Only the lines from the one containing "8.4 s after image 1." through the last line of the data below belong in your answer, copied exactly and without pictures.

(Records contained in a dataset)
=== Section Start ===

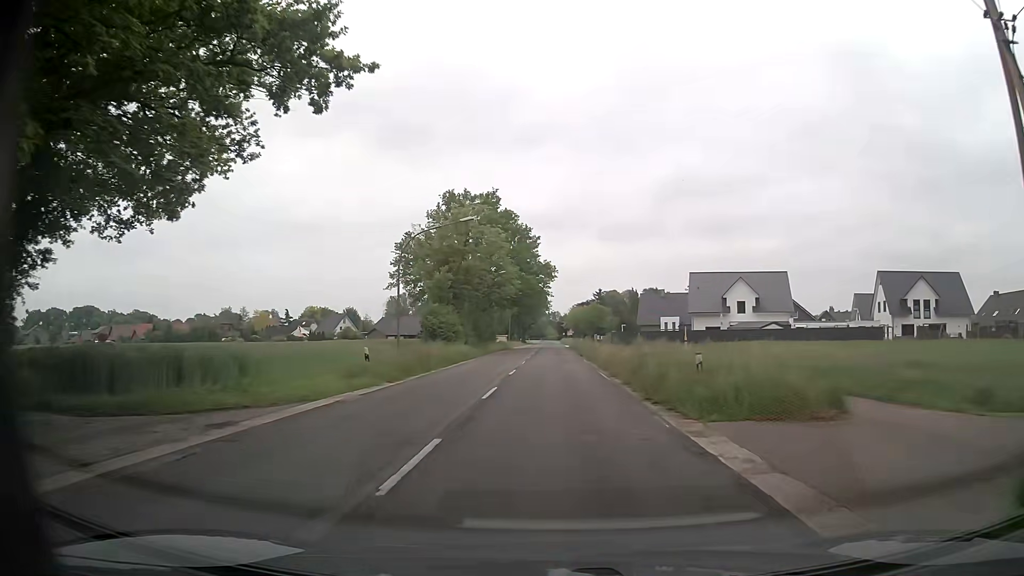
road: secondary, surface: asphalt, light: Day
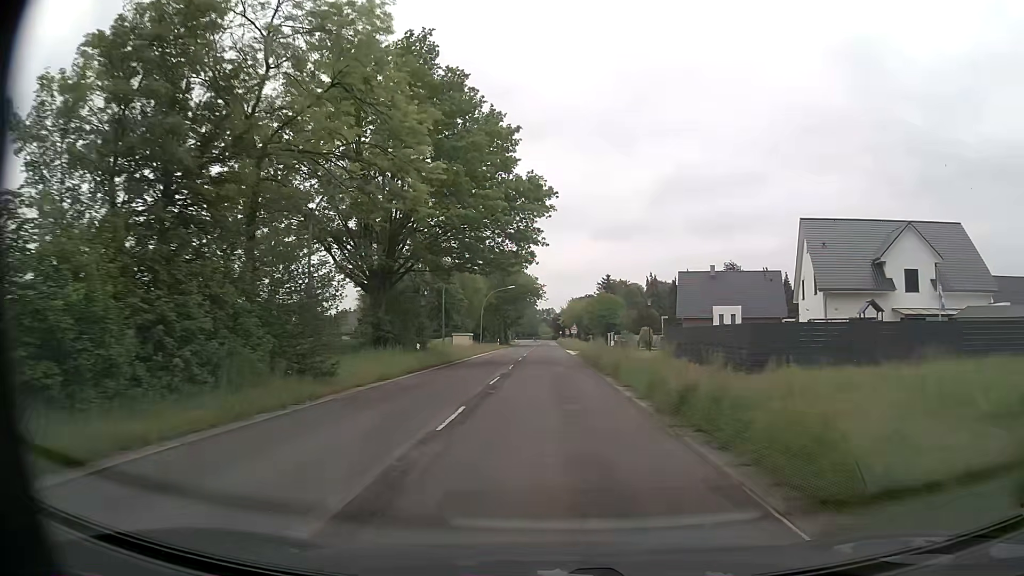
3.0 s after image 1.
(+0.3, +41.2) m; 0°
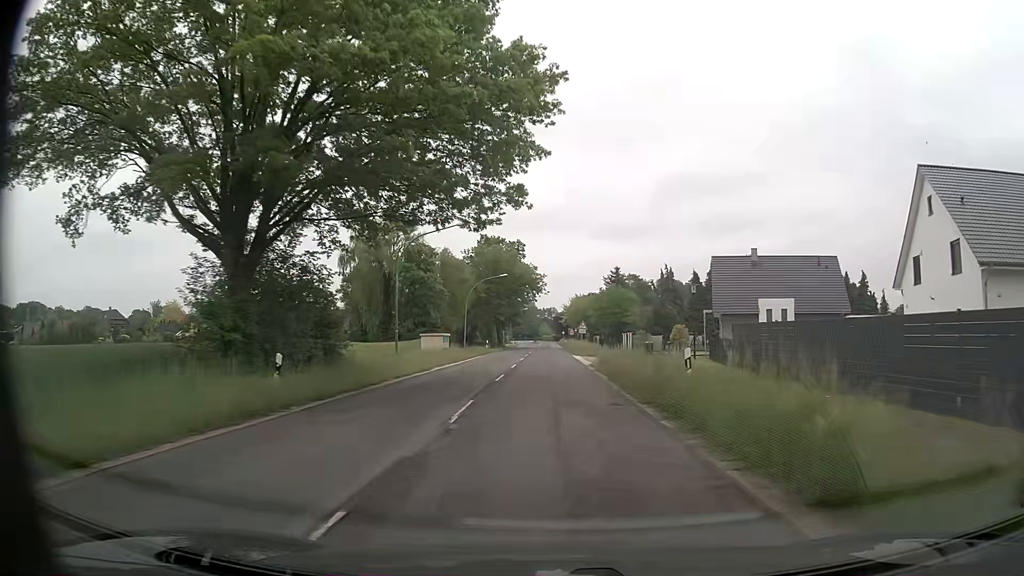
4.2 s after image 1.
(0.0, +16.5) m; 0°
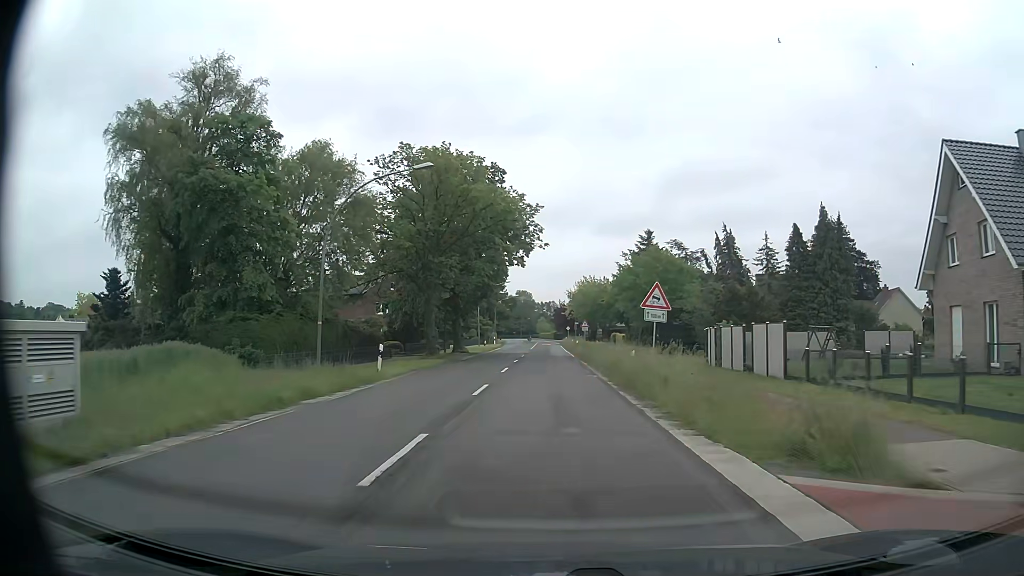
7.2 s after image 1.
(-0.1, +41.3) m; 0°
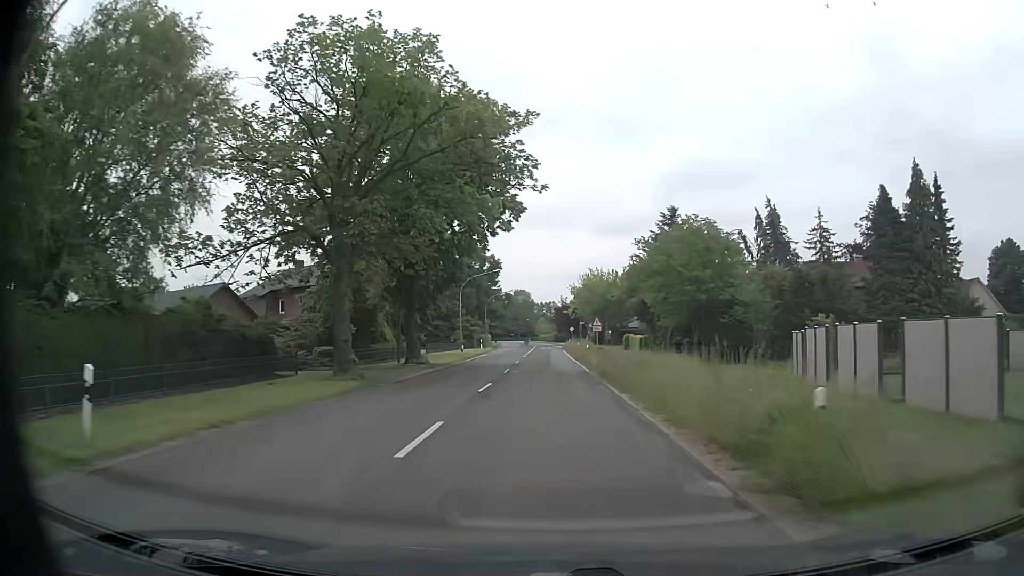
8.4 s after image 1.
(0.0, +16.6) m; 0°
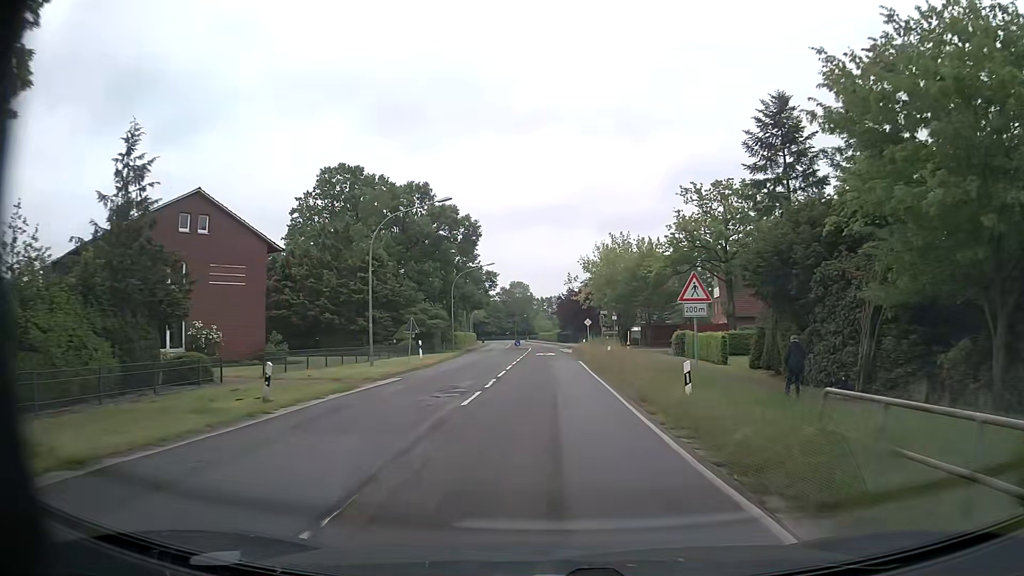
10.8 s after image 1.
(+0.1, +33.0) m; 0°
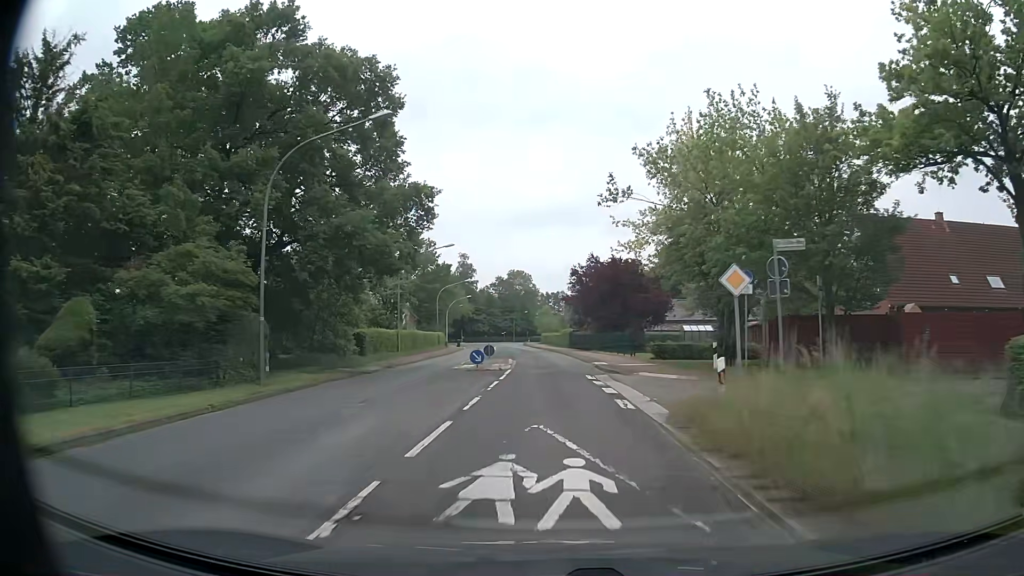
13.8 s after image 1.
(-0.2, +41.2) m; 0°
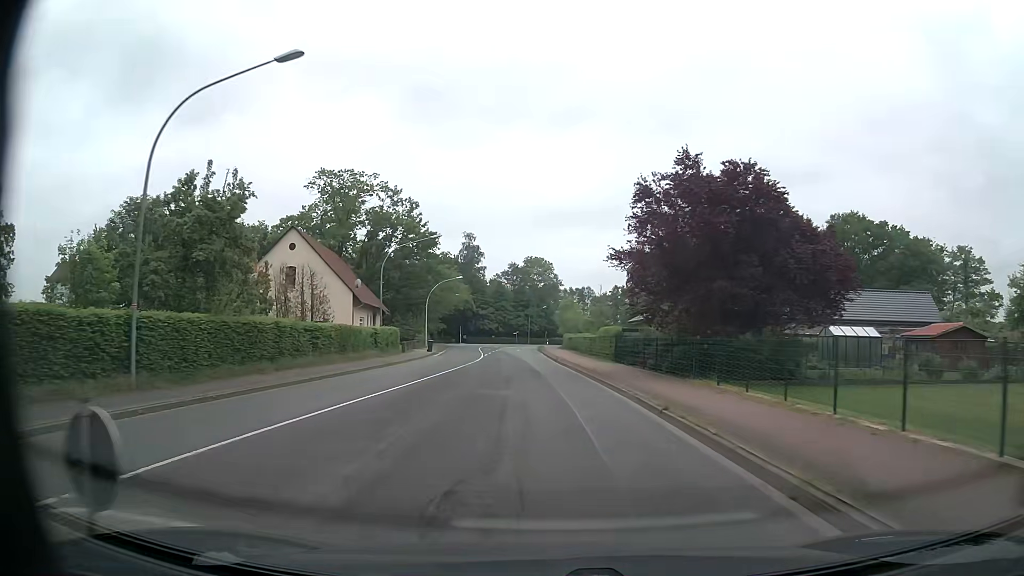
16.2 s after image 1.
(-0.4, +32.9) m; -2°
(0, +10) (0, +20) (-1, +30) (-2, +40) (-2, +50) (-3, +60) (-3, +70) (-3, +80) (-3, +90) (-3, +100) m

=== Section End ===

• [Task solution]:
8.4 s after image 1.
(0.0, +16.6) m; 0°
10.8 s after image 1.
(+0.1, +33.0) m; 0°
13.8 s after image 1.
(-0.2, +41.2) m; 0°
16.2 s after image 1.
(-0.4, +32.9) m; -2°
(0, +10) (0, +20) (-1, +30) (-2, +40) (-2, +50) (-3, +60) (-3, +70) (-3, +80) (-3, +90) (-3, +100) m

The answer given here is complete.